Wenn seine Mutter ihm Sprachnachrichten in ihrer Sprache "Fon" schickt, versteht Bonaventure Doussau sie kaum. Dem Studenten fehlen Gestik und Mimik. Also entwickelt er selbst eine Übersetzungssoftware, was wegen fehlender Datengrundlage aber gar nicht so einfach ist.

In Afrika gibt es über 2000 Sprachen – viele davon werden von Generation zu Generation nur mündlich weiter gegeben, gemeinsam mit der Tradition, die diesen Sprachen innewohnt.

Die Sprache von Bonaventure Doussaus Mutter ist "Fon". Er hat sie kaum gelernt, da er in seiner Heimat Benin sechs Tage die Woche von morgens bis abends in der Schule war, wo nur Französisch gesprochen wurde.

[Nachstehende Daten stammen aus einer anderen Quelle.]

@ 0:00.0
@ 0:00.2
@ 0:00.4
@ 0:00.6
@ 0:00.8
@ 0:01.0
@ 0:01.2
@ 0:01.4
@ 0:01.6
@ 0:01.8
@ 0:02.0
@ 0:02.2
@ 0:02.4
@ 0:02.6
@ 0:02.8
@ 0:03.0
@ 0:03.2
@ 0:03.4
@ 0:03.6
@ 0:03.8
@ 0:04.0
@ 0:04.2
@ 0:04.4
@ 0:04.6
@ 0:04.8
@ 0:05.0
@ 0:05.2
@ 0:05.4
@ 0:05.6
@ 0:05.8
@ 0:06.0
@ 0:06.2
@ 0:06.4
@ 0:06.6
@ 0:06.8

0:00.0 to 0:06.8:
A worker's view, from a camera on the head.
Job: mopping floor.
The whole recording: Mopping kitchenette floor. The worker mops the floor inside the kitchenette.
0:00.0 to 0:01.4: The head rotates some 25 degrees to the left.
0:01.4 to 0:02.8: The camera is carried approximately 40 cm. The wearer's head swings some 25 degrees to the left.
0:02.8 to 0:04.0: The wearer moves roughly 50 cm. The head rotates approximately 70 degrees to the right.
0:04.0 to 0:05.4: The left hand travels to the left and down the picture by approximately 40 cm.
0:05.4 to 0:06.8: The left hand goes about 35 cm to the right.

Bonaventure versteht seine Mutter kaum

Als er zum Studium von zu Hause weg war, schickte seine Mutter ihm Sprachnachrichten, doch Bonaventure verstand sie kaum, da ihm Gestik und Mimik fehlten. Das war sehr traurig für ihn, da seine Mutter ihm sehr liebevolle Nachrichten schickt, die ihm viel bedeuten, erzählt er unserer Reporterin Felicitas Boeselager.

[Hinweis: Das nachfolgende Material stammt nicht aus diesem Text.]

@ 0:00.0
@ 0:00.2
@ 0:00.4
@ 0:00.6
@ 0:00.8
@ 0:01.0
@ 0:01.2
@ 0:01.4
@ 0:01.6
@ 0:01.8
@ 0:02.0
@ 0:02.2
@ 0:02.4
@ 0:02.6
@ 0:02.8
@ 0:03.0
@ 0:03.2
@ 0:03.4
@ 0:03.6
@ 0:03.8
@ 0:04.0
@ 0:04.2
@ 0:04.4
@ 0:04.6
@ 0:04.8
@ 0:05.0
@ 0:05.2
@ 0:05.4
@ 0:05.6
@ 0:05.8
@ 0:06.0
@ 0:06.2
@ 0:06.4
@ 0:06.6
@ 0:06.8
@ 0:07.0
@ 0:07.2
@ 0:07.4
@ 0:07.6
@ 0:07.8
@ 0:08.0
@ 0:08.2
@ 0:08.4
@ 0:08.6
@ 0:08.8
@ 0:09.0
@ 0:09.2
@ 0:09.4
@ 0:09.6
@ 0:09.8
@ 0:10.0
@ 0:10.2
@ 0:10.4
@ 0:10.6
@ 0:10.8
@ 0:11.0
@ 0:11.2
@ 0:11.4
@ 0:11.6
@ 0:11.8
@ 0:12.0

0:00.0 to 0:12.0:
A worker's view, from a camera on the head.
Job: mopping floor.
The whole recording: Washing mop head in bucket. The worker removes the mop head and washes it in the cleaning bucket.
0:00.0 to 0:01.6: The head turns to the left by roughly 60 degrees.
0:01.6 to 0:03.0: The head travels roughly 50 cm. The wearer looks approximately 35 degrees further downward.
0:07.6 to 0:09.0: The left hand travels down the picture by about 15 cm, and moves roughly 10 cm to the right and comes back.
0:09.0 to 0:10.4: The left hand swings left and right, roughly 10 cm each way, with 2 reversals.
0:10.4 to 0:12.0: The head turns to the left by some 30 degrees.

"Sie hat mir diese Nachricht an einem Montag geschickt und wünscht mir einen guten Start in die Woche und dass Gott mit mir sein möge und der Heilige Geist, also das war eine Art Gebet für mich."
Bonaventure Doussau, studiert in Bremen

Bonaventure Doussaus Vater ist Architekt und legt viel Wert auf eine gute Ausbildung, berichtet der 23-Jährige, der Data-Engineering in Bremen studiert. Schon mit 17 Jahren war Bonaventure über ein Stipendium in Russland. Weil ihm die Sprachbarriere zu schaffen machte, brachte sich der Student selbst das Programmieren bei und las viele Bücher über künstliche Intelligenz.

Übersetzungssoftware für afrikanische Sprachen selbst programmieren

Gemeinsam mit einem Kommilitonen beschloss er, ein Übersetzungsprogramm für seine Muttersprache zu entwickeln. Das war allerdings leichter gesagt als getan, denn Fon ist, wie viele afrikanische Sprachen, eine mündliche Sprache, es gibt keine Texte, mit denen Bonaventure seine KI füttern konnte, sagt er.

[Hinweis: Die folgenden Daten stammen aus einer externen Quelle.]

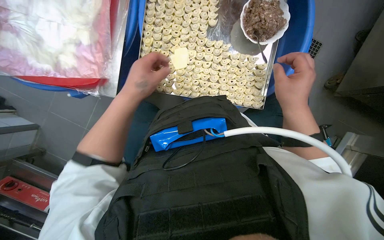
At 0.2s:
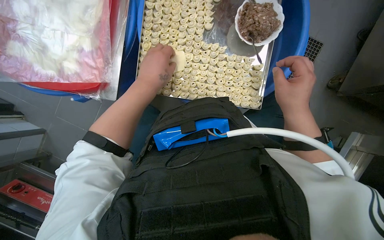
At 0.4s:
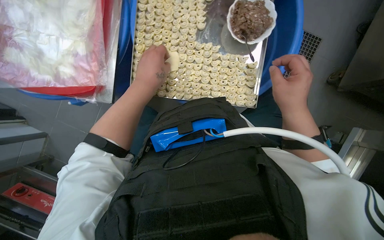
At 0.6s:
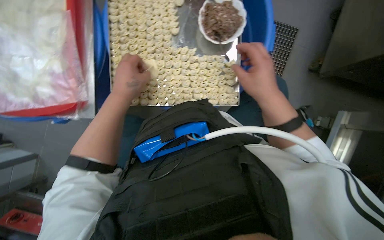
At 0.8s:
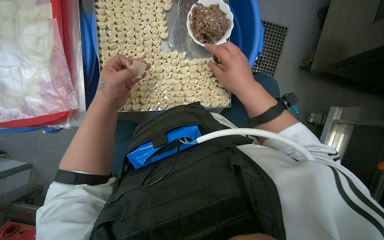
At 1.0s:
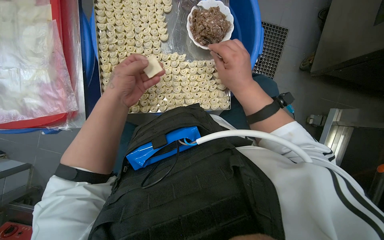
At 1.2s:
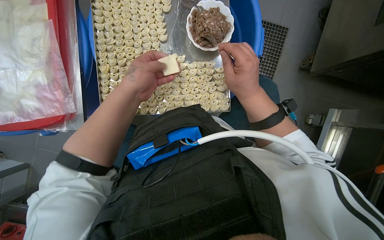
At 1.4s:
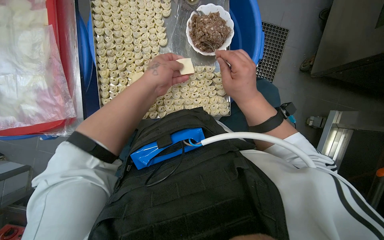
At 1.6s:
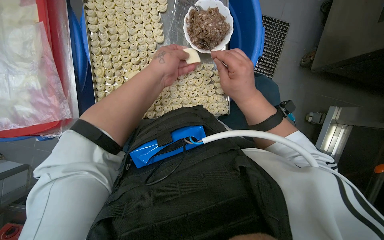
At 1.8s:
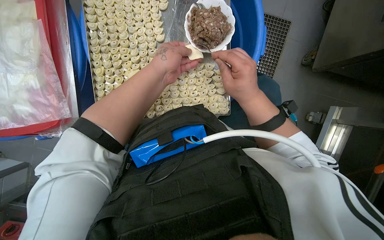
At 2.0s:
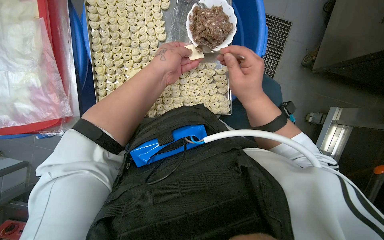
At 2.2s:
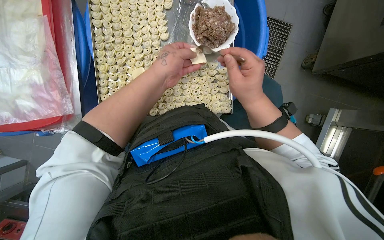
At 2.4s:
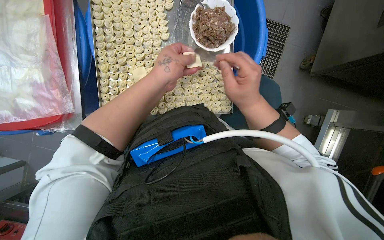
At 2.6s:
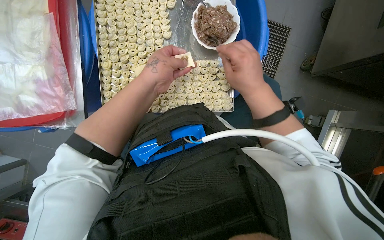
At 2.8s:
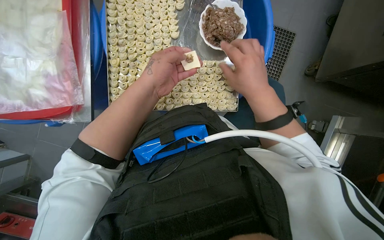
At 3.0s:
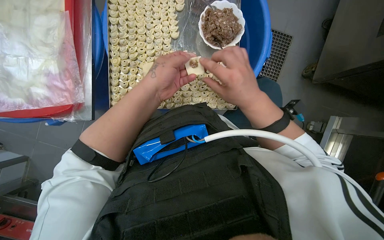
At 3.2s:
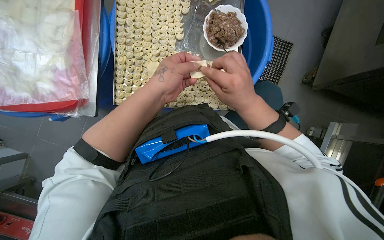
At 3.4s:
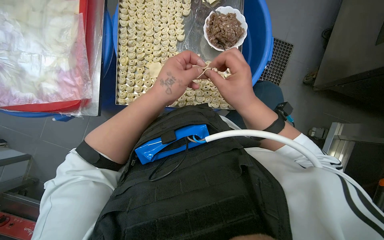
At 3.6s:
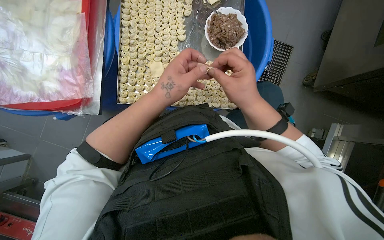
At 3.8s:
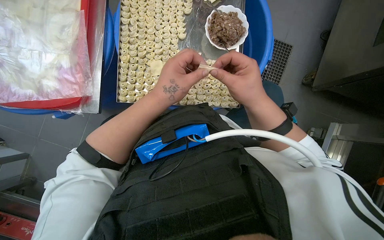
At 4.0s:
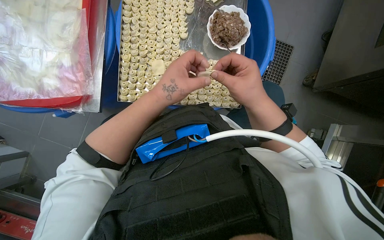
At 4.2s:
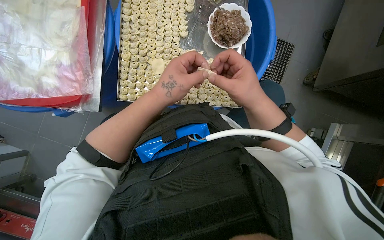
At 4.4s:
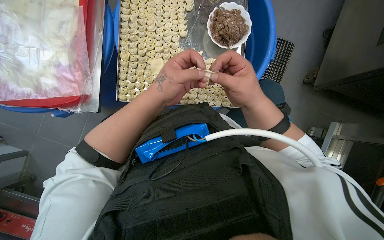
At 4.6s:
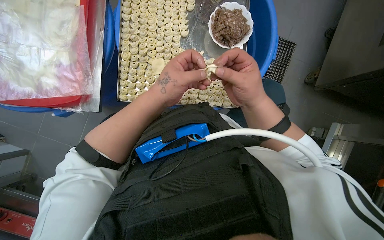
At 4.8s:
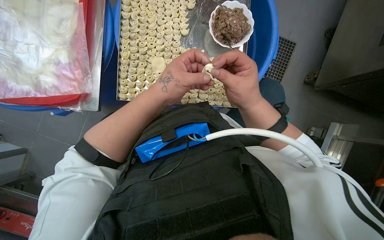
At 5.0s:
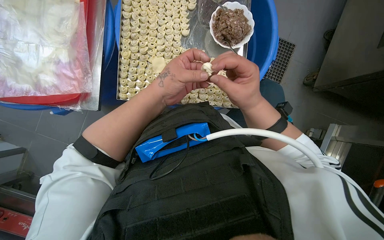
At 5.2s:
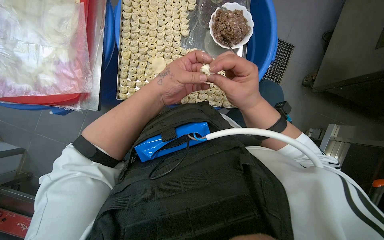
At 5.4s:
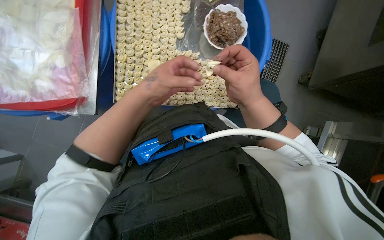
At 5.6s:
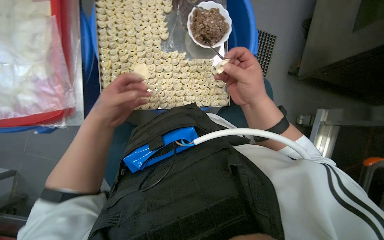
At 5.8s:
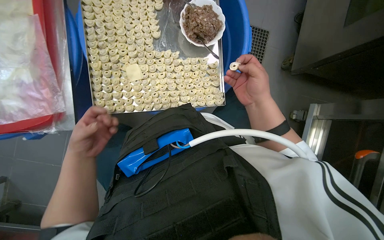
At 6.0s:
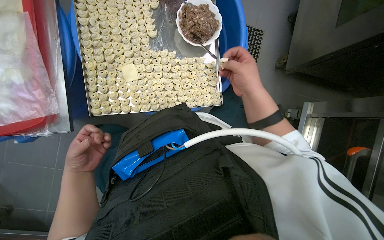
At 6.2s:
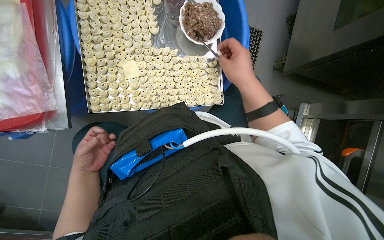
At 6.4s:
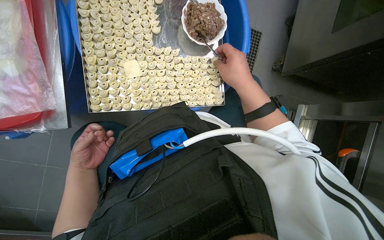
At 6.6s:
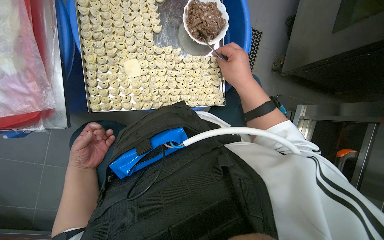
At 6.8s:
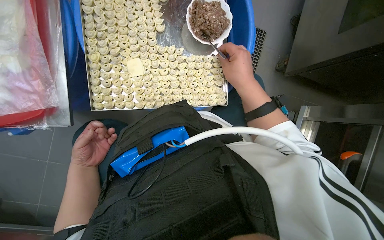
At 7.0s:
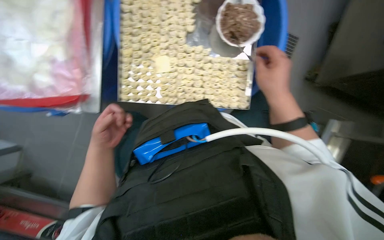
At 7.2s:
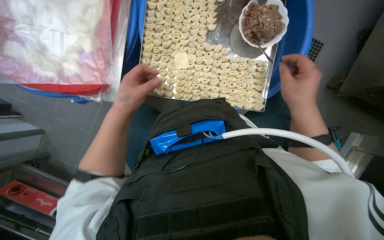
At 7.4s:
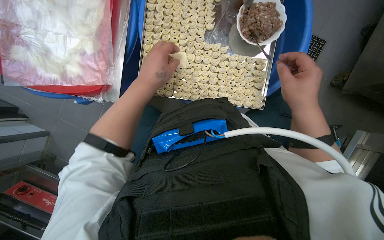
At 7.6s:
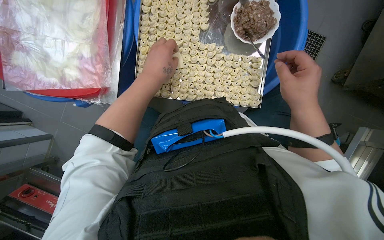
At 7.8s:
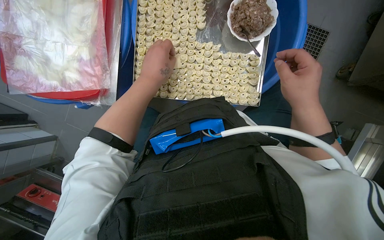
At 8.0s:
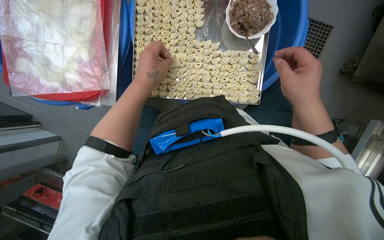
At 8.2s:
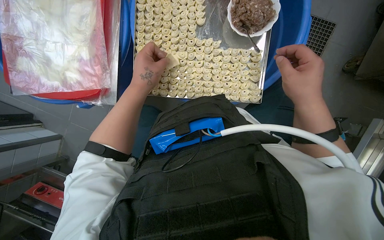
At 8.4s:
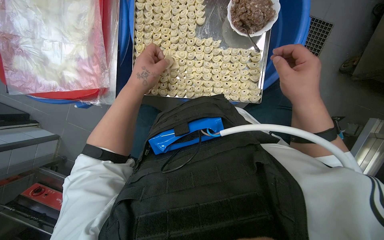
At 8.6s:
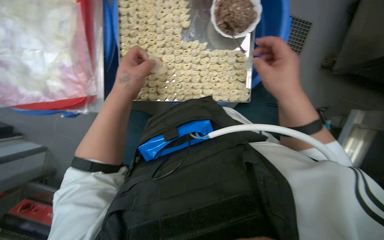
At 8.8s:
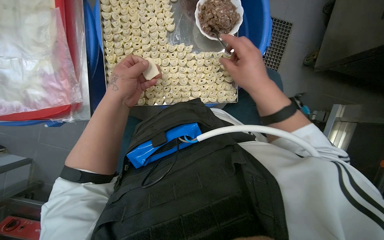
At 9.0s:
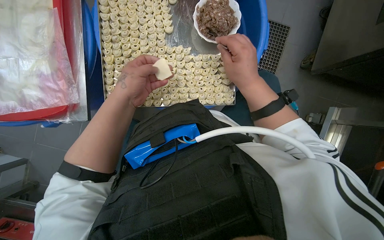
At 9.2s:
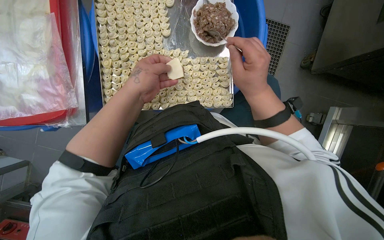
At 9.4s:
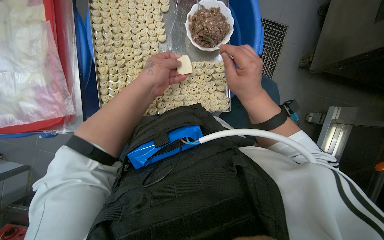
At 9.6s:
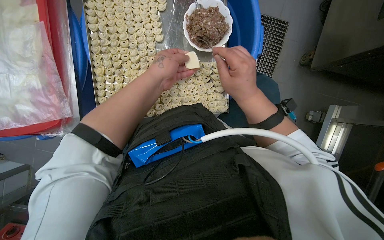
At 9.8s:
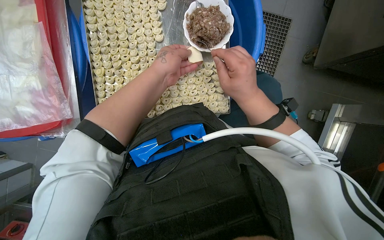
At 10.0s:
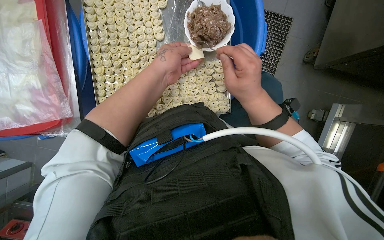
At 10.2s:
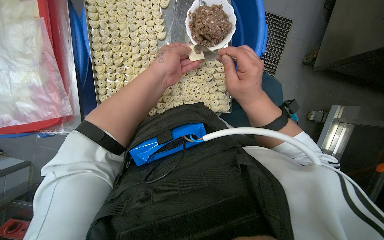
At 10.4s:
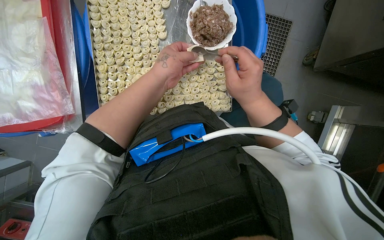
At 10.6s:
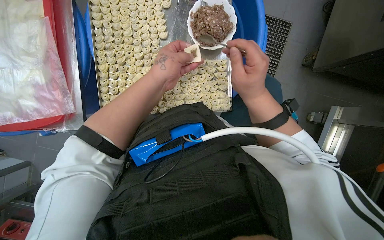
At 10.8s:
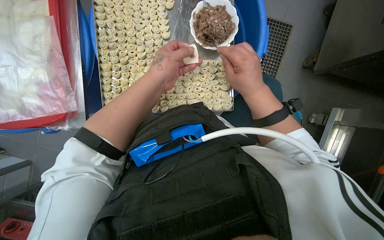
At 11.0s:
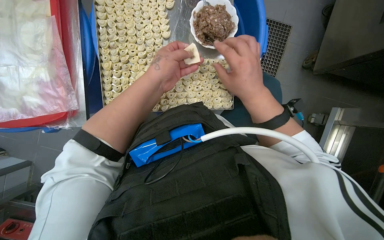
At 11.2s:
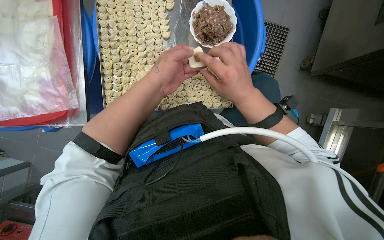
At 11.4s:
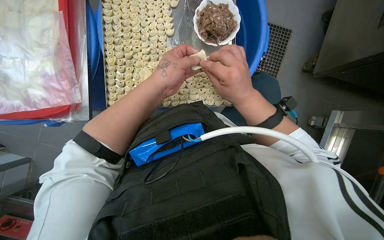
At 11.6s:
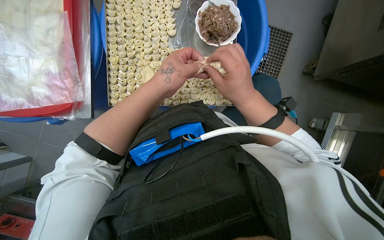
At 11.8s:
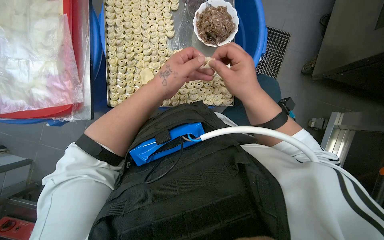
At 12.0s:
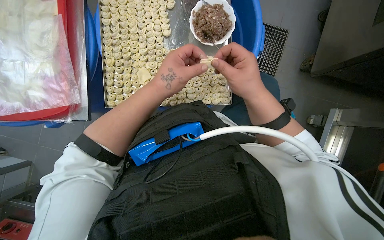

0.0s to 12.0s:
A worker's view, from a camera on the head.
Job: preparing food.
The whole recording: Making dumplings with meat filling. The worker picks up dough, fills it with meat, folds it, and places the finished dumpling on a tray.
0.0s to 1.6s: The left hand shifts roughly 15 cm to the right.
1.6s to 3.0s: The hands work in one place, with small movements.
3.0s to 4.4s: The hands stay close to where they were, moving slightly.
4.4s to 6.0s: The left hand heads to the left, farther from the camera and down the picture, covering approximately 30 cm.
6.0s to 7.6s: The head turns to the left by approximately 15 degrees. The left hand goes approximately 25 cm up the picture, to the right and nearer to the camera.
7.6s to 9.0s: The hands make small movements and keep their place.
9.0s to 10.4s: The left hand goes roughly 10 cm to the right.
10.4s to 12.0s: The hands are busy where they are.

"Wir können keine Künstliche Intelligenz ohne Daten bauen."
Bonaventure Doussau, studiert in Bremen

Um die KI einer Übersetzungssoftware mit Datensätzen zu füttern, musste der Student an Daten kommen. Das war gar nicht so leicht, denn für Fon gibt es kein Wörterbuch. Nur Bibelausgaben, deren Sprache aber zu veraltet und deshalb ungeeignet ist.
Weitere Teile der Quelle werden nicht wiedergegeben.